▸ **INSTRUCTIONS FOR THE TASK**
Everything in the records must be copied exactly, apart from the pictures.

--- INPUT DATA Enclosed Below ---

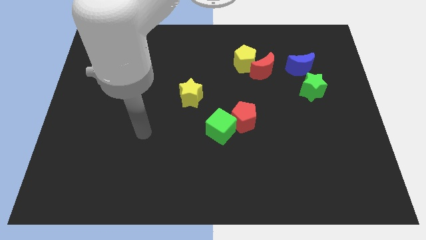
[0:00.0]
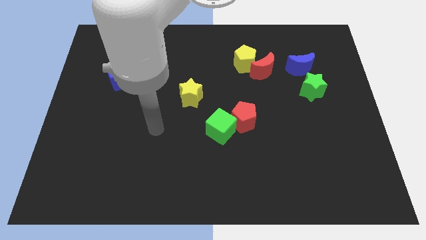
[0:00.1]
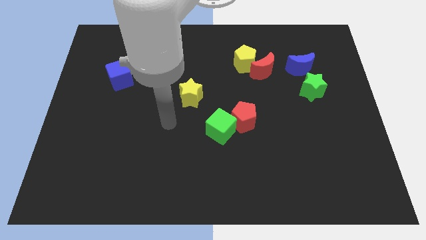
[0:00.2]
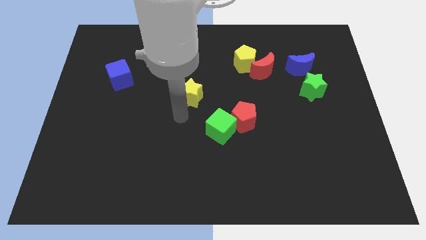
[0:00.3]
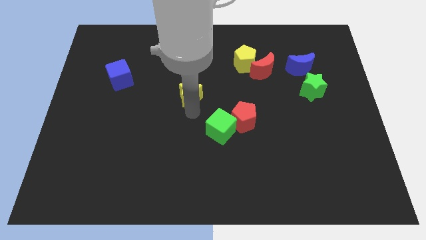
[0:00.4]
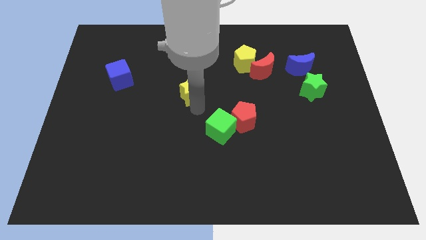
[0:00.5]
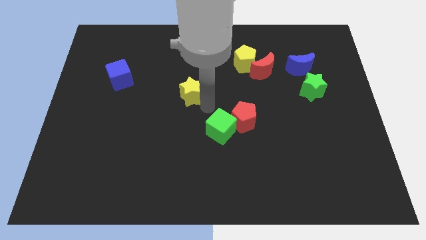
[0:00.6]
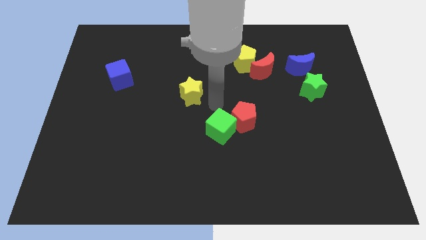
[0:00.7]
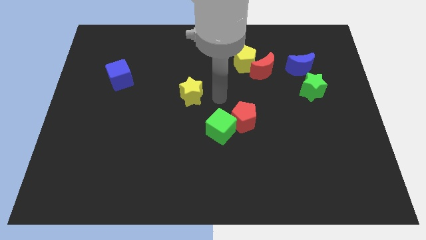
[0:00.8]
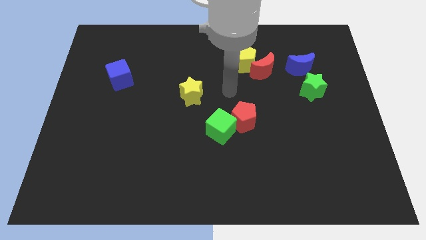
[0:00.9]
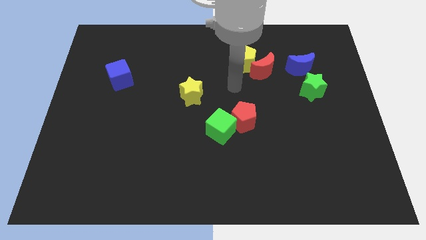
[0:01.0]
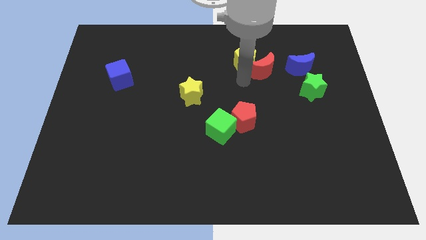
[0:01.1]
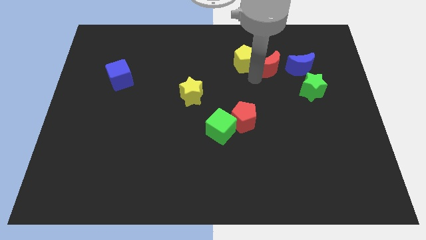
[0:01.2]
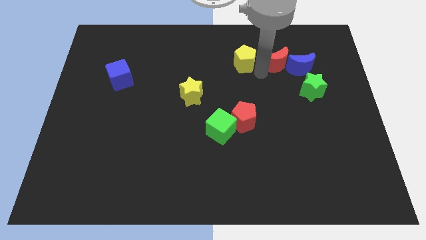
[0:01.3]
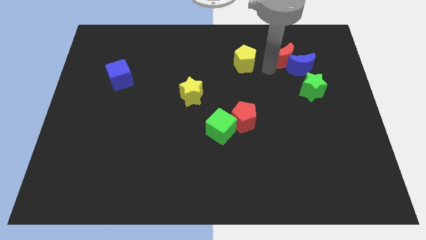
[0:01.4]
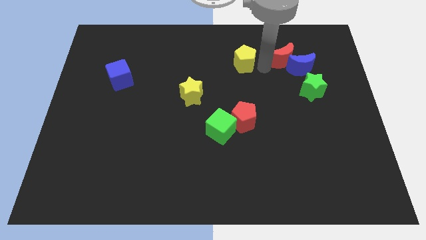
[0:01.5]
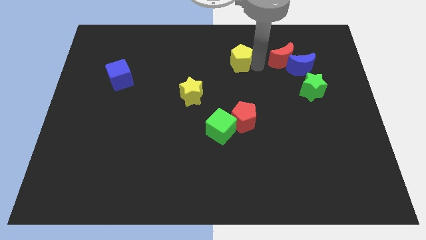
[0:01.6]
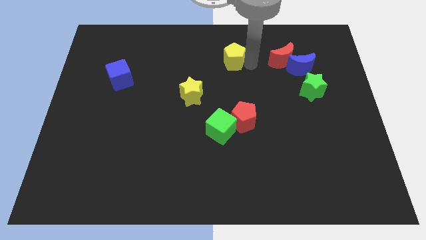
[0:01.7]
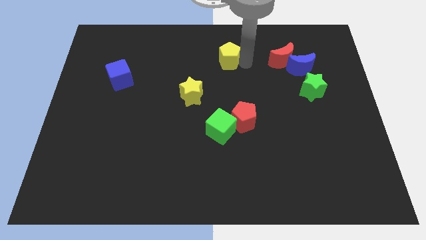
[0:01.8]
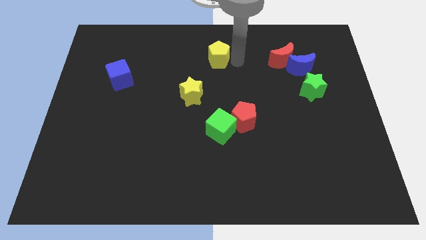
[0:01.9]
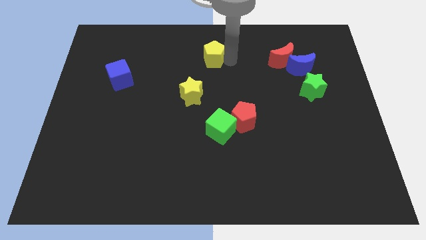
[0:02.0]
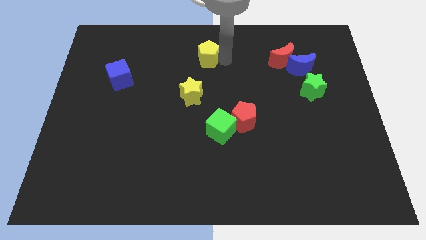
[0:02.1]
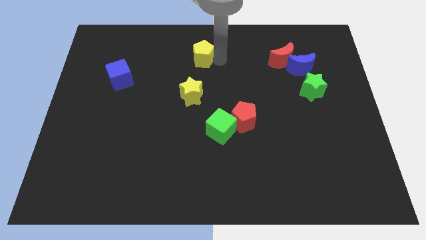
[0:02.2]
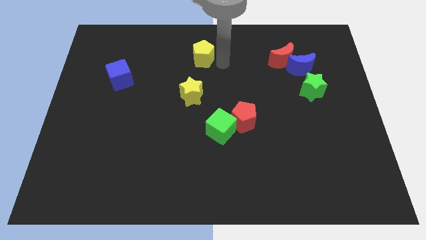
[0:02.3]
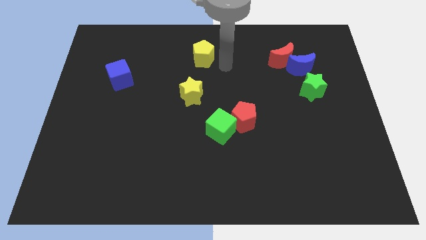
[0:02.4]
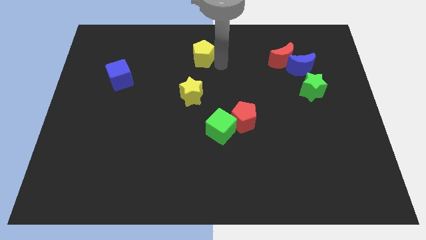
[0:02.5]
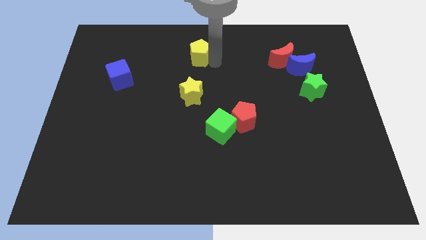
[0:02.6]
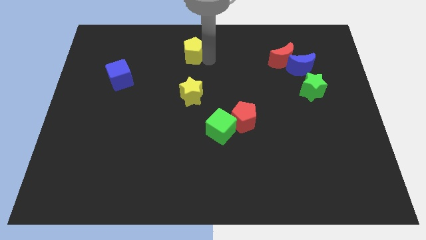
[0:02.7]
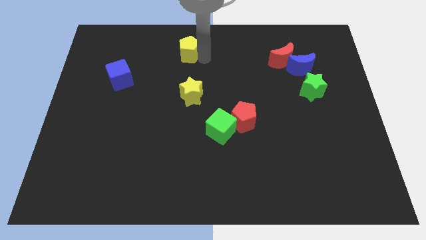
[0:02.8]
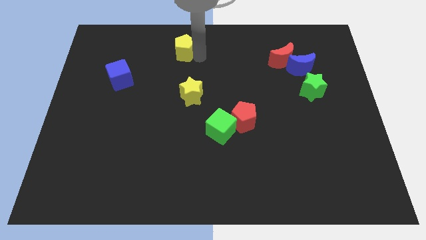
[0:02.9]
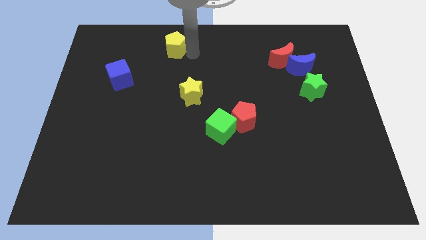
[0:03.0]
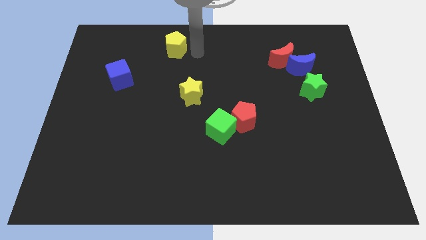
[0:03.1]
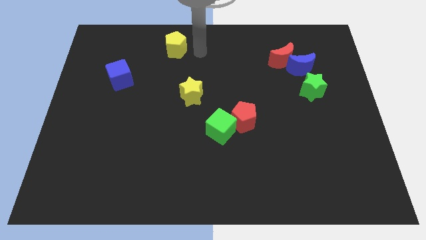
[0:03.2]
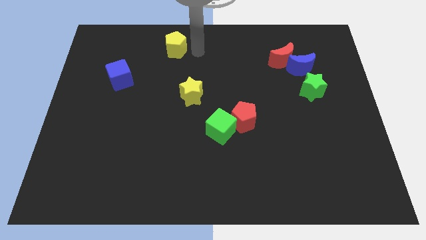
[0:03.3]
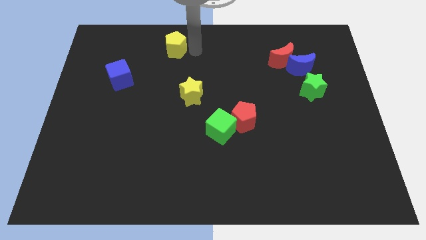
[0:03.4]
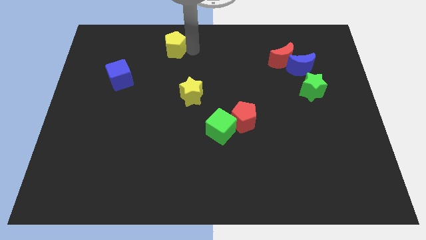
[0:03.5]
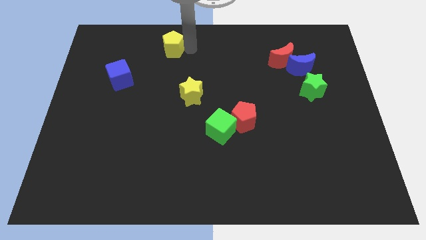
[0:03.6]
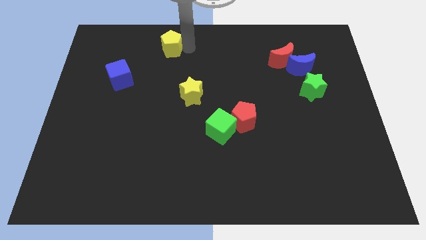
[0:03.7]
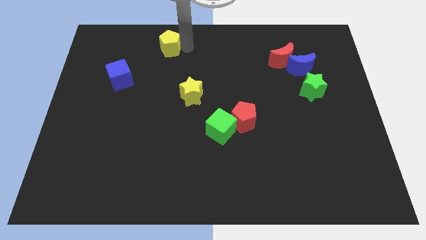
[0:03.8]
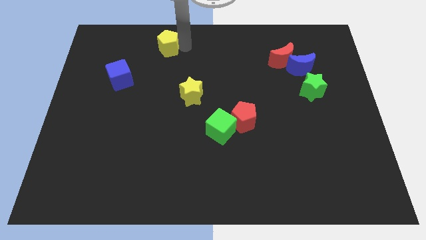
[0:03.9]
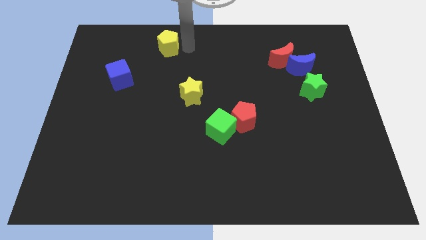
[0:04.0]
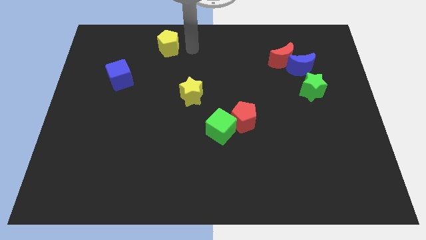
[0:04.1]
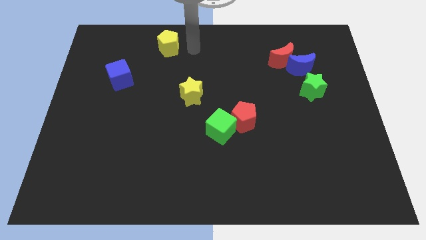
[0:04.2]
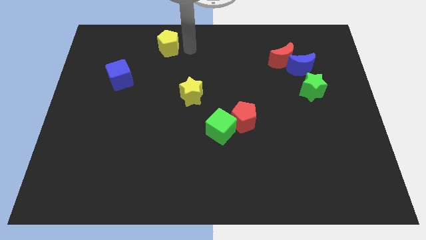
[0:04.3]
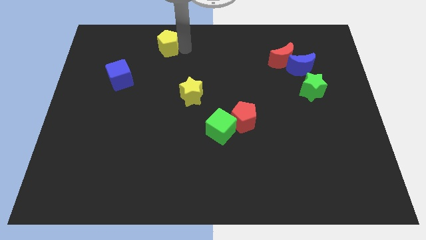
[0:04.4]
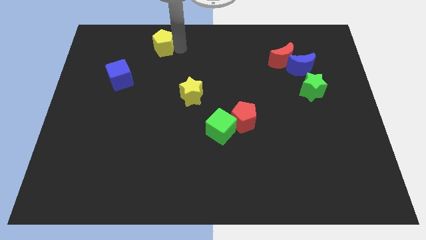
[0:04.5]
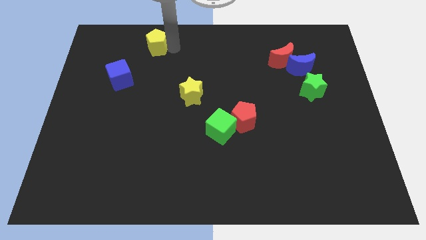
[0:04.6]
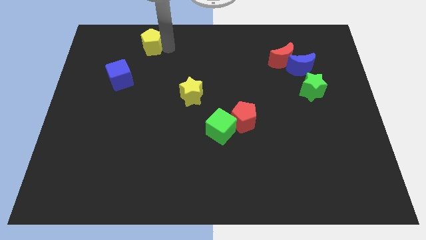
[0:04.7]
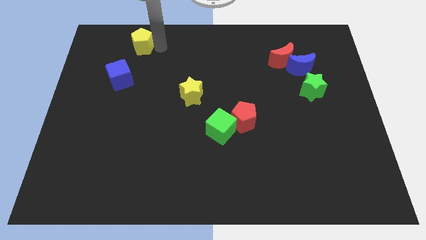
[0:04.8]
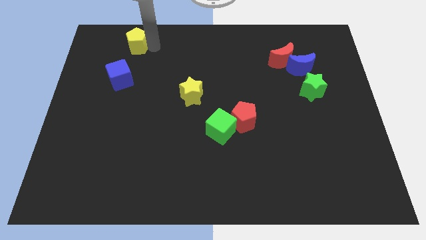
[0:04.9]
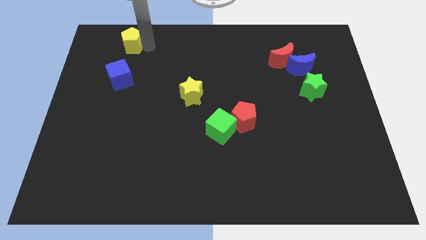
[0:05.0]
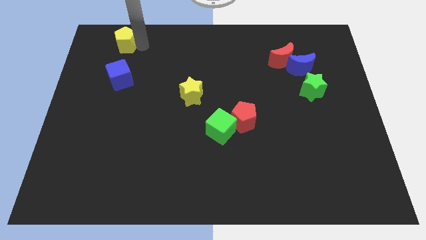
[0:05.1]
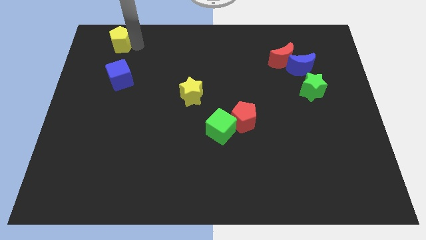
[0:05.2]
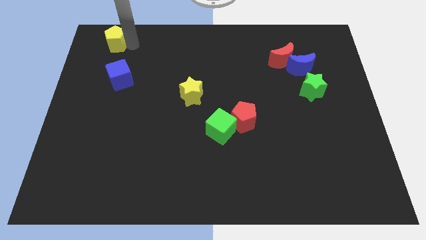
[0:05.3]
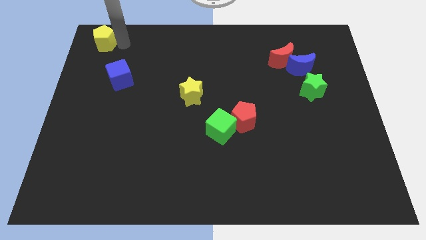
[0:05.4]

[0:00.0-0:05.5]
slide the yellow pentagon to the top left

--- End of Enclosed INPUT DATA ---

▸ **WRITTEN REPLY**
[0:00.0]
[0:00.1]
[0:00.2]
[0:00.3]
[0:00.4]
[0:00.5]
[0:00.6]
[0:00.7]
[0:00.8]
[0:00.9]
[0:01.0]
[0:01.1]
[0:01.2]
[0:01.3]
[0:01.4]
[0:01.5]
[0:01.6]
[0:01.7]
[0:01.8]
[0:01.9]
[0:02.0]
[0:02.1]
[0:02.2]
[0:02.3]
[0:02.4]
[0:02.5]
[0:02.6]
[0:02.7]
[0:02.8]
[0:02.9]
[0:03.0]
[0:03.1]
[0:03.2]
[0:03.3]
[0:03.4]
[0:03.5]
[0:03.6]
[0:03.7]
[0:03.8]
[0:03.9]
[0:04.0]
[0:04.1]
[0:04.2]
[0:04.3]
[0:04.4]
[0:04.5]
[0:04.6]
[0:04.7]
[0:04.8]
[0:04.9]
[0:05.0]
[0:05.1]
[0:05.2]
[0:05.3]
[0:05.4]

[0:00.0-0:05.5]
slide the yellow pentagon to the top left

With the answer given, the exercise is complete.